Depois de longos anos sujeito a juízos apressados ou minimizado na sua real importância, o ativo universo da extrema-esquerda portuguesa emergente nos anos finais do Estado Novo começa a ser reconhecido de forma sistemática. A perceção da sua existência concreta e do papel que cumpriu, associada à publicação de memórias, reportagens, inventários e estudos académicos, é acompanhada, como seria de esperar, pelo recuo dos mitos e das lendas, heroicos ou caricaturais, propagados a seu respeito. A saída de As Armas de Papel, grosso volume da autoria de José Pacheco Pereira há muito prometido pelo autor, funciona como dicionário-arquivo das publicações periódicas e de exílio ligadas aos movimentos radicais de esquerda cultural e política surgidos na década que antecedeu o 25 de Abril, reforçando de forma considerável esse reconhecimento público de parte da nossa história recente em boa medida ainda por desvendar.

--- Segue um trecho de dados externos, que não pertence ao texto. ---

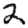
Digit: 2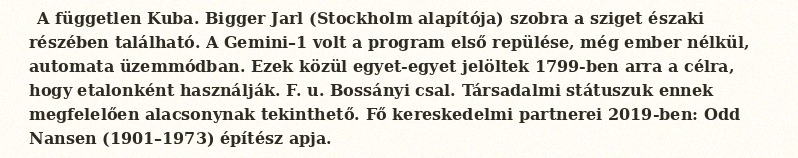
A független Kuba. Bigger Jarl (Stockholm alapítója) szobra a sziget északi részében található. A Gemini–1 volt a program első repülése, még ember nélkül, automata üzemmódban. Ezek közül egyet-egyet jelöltek 1799-ben arra a célra, hogy etalonként használják. F. u. Bossányi csal. Társadalmi státuszuk ennek megfelelően alacsonynak tekinthető. Fő kereskedelmi partnerei 2019-ben: Odd Nansen (1901–1973) építész apja.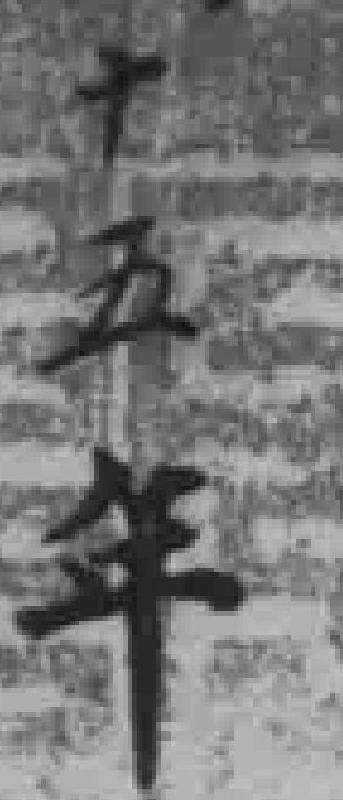
十五年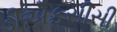
ડીએફસીસી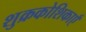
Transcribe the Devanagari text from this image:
शुक्रकोशिकाएँ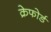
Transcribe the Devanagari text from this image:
क्रेफोर्ड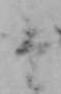
け
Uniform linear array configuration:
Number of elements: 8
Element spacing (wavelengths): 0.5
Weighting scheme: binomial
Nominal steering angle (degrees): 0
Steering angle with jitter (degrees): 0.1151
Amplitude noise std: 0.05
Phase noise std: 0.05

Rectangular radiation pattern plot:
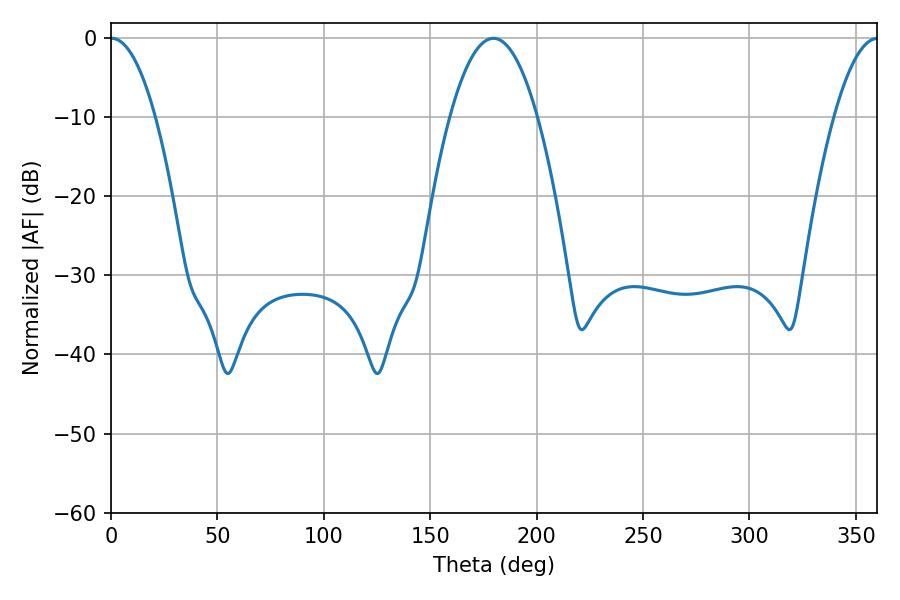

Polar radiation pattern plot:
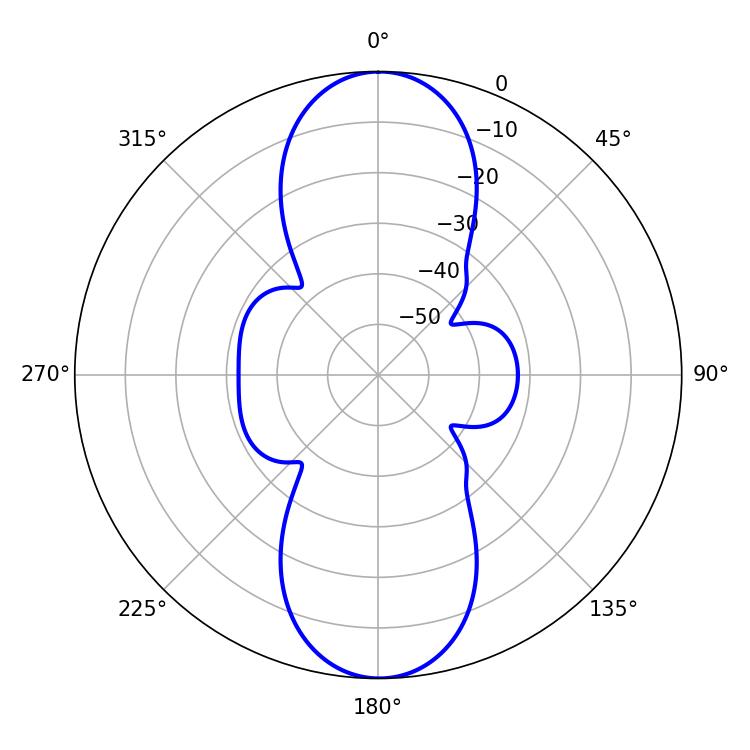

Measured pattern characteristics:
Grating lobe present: FALSE
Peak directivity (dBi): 27.717
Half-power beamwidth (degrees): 11.52
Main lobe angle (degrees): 0.36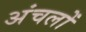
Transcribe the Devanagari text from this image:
अंचलोँ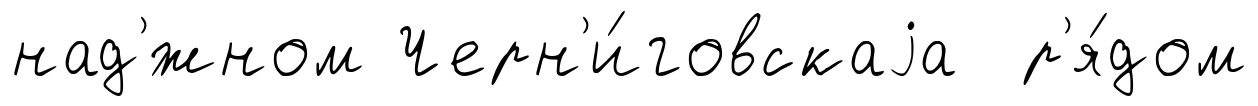
над'́жном Черн'и́говскаjа р'я́дом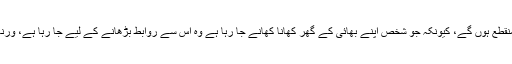
مگر جناب اس طرح تو معاشرتی روابط مزید منقطع ہوں گے، کیونکہ جو شخص اپنے بھائی کے گھر کھانا کھانے جا رہا ہے وہ اس سے روابط بڑھانے کے لیے جا رہا ہے، ورنہ کھانا تو اس کے اپنے گھر میں بھی پکتا ہے۔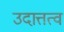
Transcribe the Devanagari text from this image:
उदात्तत्व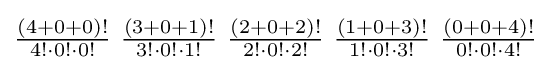
\textstyle {(4+0+0)! \over 4!\cdot 0!\cdot 0!}\ {(3+0+1)! \over 3!\cdot 0!\cdot 1!}\ {(2+0+2)! \over 2!\cdot 0!\cdot 2!}\ {(1+0+3)! \over 1!\cdot 0!\cdot 3!}\ {(0+0+4)! \over 0!\cdot 0!\cdot 4!}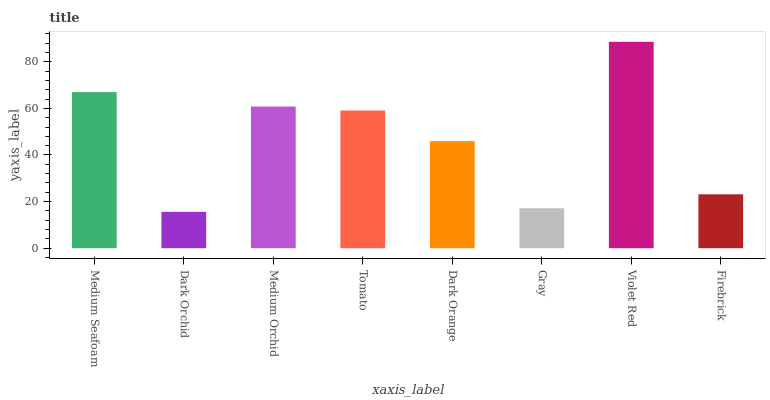
| xaxis_label | bars |
 | --- | --- |
 | Medium Seafoam | 67 |
 | Dark Orchid | 15.6 |
 | Medium Orchid | 60.8 |
 | Tomato | 59.1 |
 | Dark Orange | 45.9 |
 | Gray | 17.1 |
 | Violet Red | 88.6 |
 | Firebrick | 23.1 |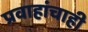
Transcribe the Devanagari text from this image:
प्रवाहांचाही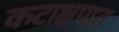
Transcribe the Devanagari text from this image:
कटाक्षपात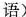
语)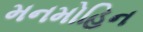
મનમોહિન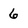
Character: 6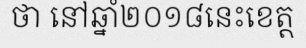
ថា នៅឆ្នាំ២០១៨នេះខេត្ត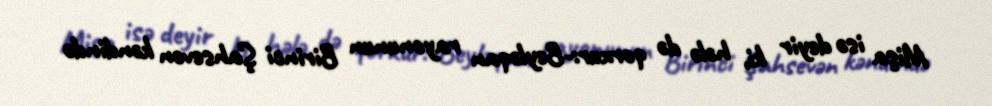
Mişa isə deyir ki, hələ də qorxur:-Beyləqan rayonunun Birinci Şahsevən kəndində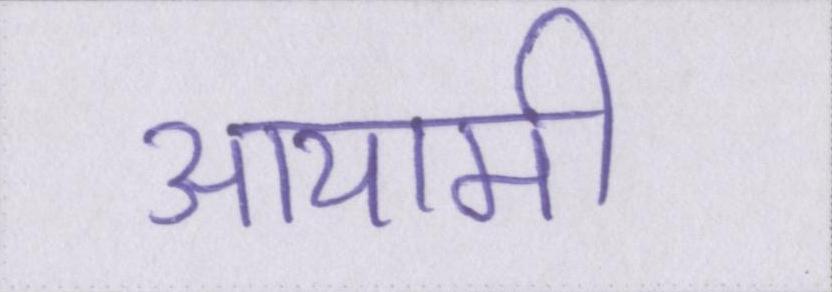
आयामी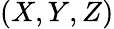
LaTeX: (X,Y,Z)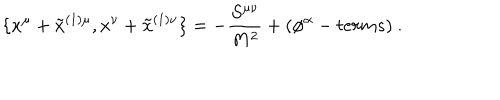
\{ x ^ { \mu } + \tilde { x } ^ { ( 1 ) \mu } , x ^ { \nu } + \tilde { x } ^ { ( 1 ) \nu } \} = - \frac { S ^ { \mu \nu } } { M ^ { 2 } } + ( \phi ^ { \alpha } - t e r m s ) ~ .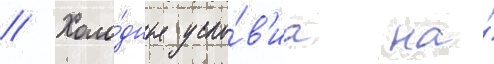
// Холо́дные усло́в'иа на́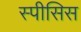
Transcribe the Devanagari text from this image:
स्पीसिस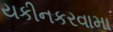
યકીનકરવામા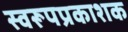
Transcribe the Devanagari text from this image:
स्वरूपप्रकाशक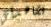
تشاهدني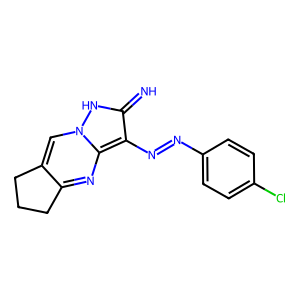
SMILES: N=c1[nH]n2cc3c(nc2c1N=Nc1ccc(Cl)cc1)CCC3
Inhibits HIV replication: No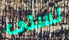
لستى
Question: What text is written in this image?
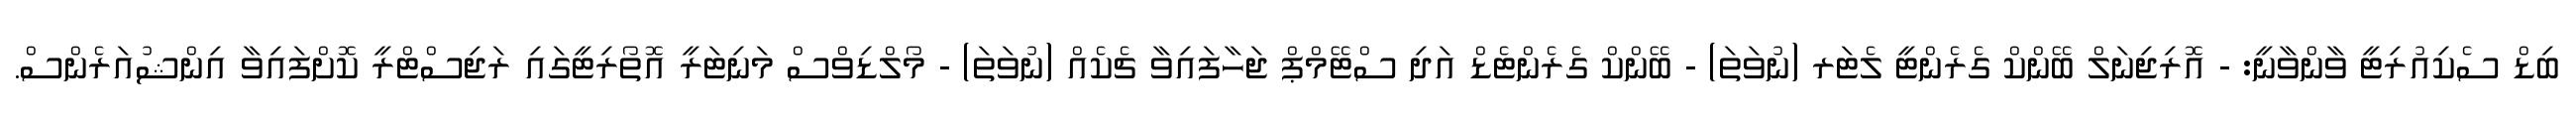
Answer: ބިޑް ސެކިއުރިޓީ ވާންވާނީ: - އޮރިޖިނަލް ބޭންކް ގެރެންޓީ ލެޓަރ (ނުވަތަ) - ބޭންކް ގެރެންޓެޑް އަދި ސްޓޭމްޕް ޖަހާފައިވާ ޗެކެއް (ނުވަތަ) - މޯލްޑިވްސް މަނިޓަރީ އޮތޯރިޓީގައި ރަޖިސްޓްރީ ކޮށްފައިވާ އިންޝުއަރެންސް.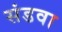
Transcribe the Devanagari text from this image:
संडवा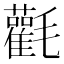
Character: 𣰻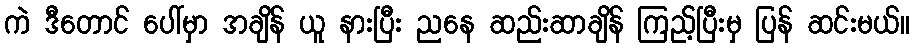
ကဲ ဒီတောင် ပေါ်မှာ အချိန် ယူ နားပြီး ညနေ ဆည်းဆာချိန် ကြည့်ပြီးမှ ပြန် ဆင်းမယ်။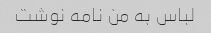
لباس به من نامه نوشت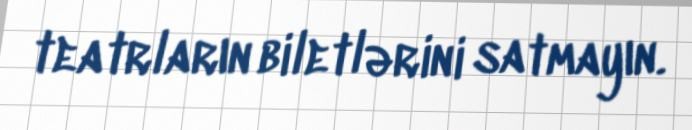
teatrların biletlərini satmayın.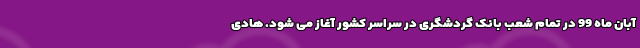
آبان ماه 99 در تمام شعب بانک گردشگری در سراسر کشور آغاز می شود. هادی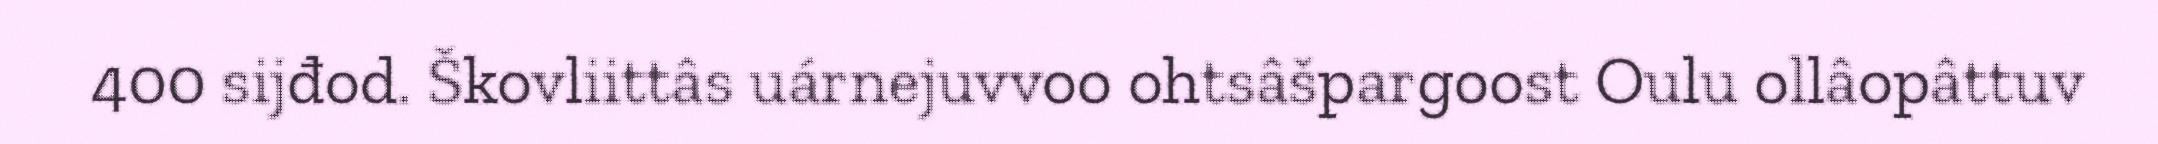
400 sijđod. Škovliittâs uárnejuvvoo ohtsâšpargoost Oulu ollâopâttuv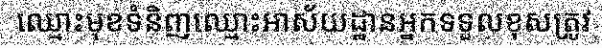
ឈ្មោះមុខទំនិញឈ្មោះអាស័យដ្ឋានអ្នកទទួលខុសត្រូវ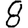
Digit: 8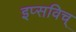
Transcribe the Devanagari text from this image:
इप्सविच्‌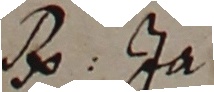
B. ga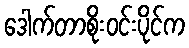
ဒေါက်တာစိုးဝင်းပိုင်က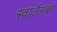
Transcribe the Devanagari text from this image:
स्वार्जेनबर्ग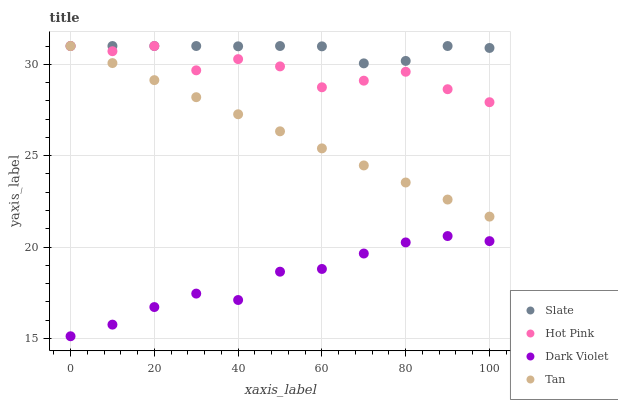
| xaxis_label | Slate | Hot Pink | Dark Violet | Tan |
 | --- | --- | --- | --- | --- |
 | 0 | 31 | 31 | 15.1 | 31 |
 | 10 | 31 | 30.7 | 15.8 | 30.1 |
 | 20 | 31 | 31 | 16.7 | 29.1 |
 | 30 | 31 | 29.7 | 17.5 | 28.2 |
 | 40 | 31 | 30.3 | 17.1 | 27.3 |
 | 50 | 31 | 29.9 | 18.7 | 26.3 |
 | 60 | 31 | 28.7 | 18.8 | 25.4 |
 | 70 | 30.1 | 29.1 | 19.6 | 24.5 |
 | 80 | 30.2 | 29.6 | 20.3 | 23.5 |
 | 90 | 31 | 28.6 | 20.6 | 22.6 |
 | 100 | 30.9 | 27.9 | 20.3 | 21.7 |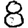
Digit: 8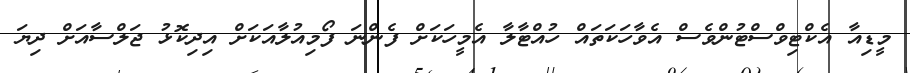
މީޑިއާ އެކްޓިވްސްޓުންވެސް އެވާހަކަތައް ހުއްޓާލާ އެމީހަކަށް ފެންނަ ފޯމިއުލާއަކަށް އިދިކޮޅު ޖަލްސާއަށް ދިޔަ

O livro interessará por isso, em primeiro lugar, aos historiadores e outros leitores empenhados em conhecer de forma mais completa e menos unívoca a atividade desse setor complexo e ativo da oposição política ao anterior regime, e que desde o início pretendeu transformar a queda deste na construção de uma alternativa revolucionária ao capitalismo indígena e ao sistema «colonial-fascista» que o sustentava. Mas, mais do que isso, oferece aos olhos de quem o não conheceu, ou dele na época teve uma visão parcial, o retrato de um meio dinâmico e alternativo, que decidiu cortar o cordão umbilical que o prendia ao universo mental do salazarismo e também ao da oposição tradicional, em particular a hegemonizada pelo PCP ou, com uma presença menos significativa e organizada, a que aproximava o velho republicanismo e a social-democracia.
Por intermédio de uma abordagem descritiva, título a título, de um conjunto diversificado de publicações editadas no interior do país ou fora dele, destinadas em ambos os casos a circular clandestinamente ou a alimentar a atividade regular de numerosas organizações orientadas para o derrube do regime, José Pacheco Pereira dá a ver um microcosmo incandescente que influenciou, de uma forma em larga medida decisiva, parte importante da elite política e cultural portuguesa das últimas décadas. Não se trata de perceber de forma objetiva a ligação de tudo isto com as escolhas pessoais que nas décadas seguintes os ex-militantes maoistas ou trotskistas convertidos à democracia representativa foram fazendo, mas sim de reconhecer, com as mãos em muito dos papéis e das ideias que os moldaram politicamente e deram sentido aos combates que travaram, o caldo de cultura de distanciamento radical com o país antigo e «habitual» que estes documentos tão bem ilustram.
Para os podermos conhecer com maior detalhe existem, em primeiro lugar, os arquivos físicos e digitais, mas esta é uma aproximação ao tema. Aliás, a primeira parte do volume inclui uma utilíssima introdução do autor, na qual esta materialização do passado recorre a uma descrição técnica, útil e por vezes fascinante, dos processos de organização, enquadramento político, escrita, ilustração, produção e distribuição de mais de centena e meia de títulos. De caminho, uns quantos revisitarão ainda aquela parte do seu passado que, independentemente do percurso escolhido, é inapagável. Pois, como lembra o autor na nota prévia ao volume: «O impulso de revolta, os riscos da ilegalidade, a vida escondida, as tensões subjetivas, morais e éticas desses anos, a política no sentido mais lato da ação cívica pelo bem comum (…), isso fica sempre.»
José Pacheco Pereira, As Armas de Papel. Publicações periódicas clandestinas e do exílio ligadas a movimentos radicais da esquerda cultural e política (1963-1974). Temas & Debates – Círculo de Leitores. 600 págs. Publicado na LER de Abril de 2013.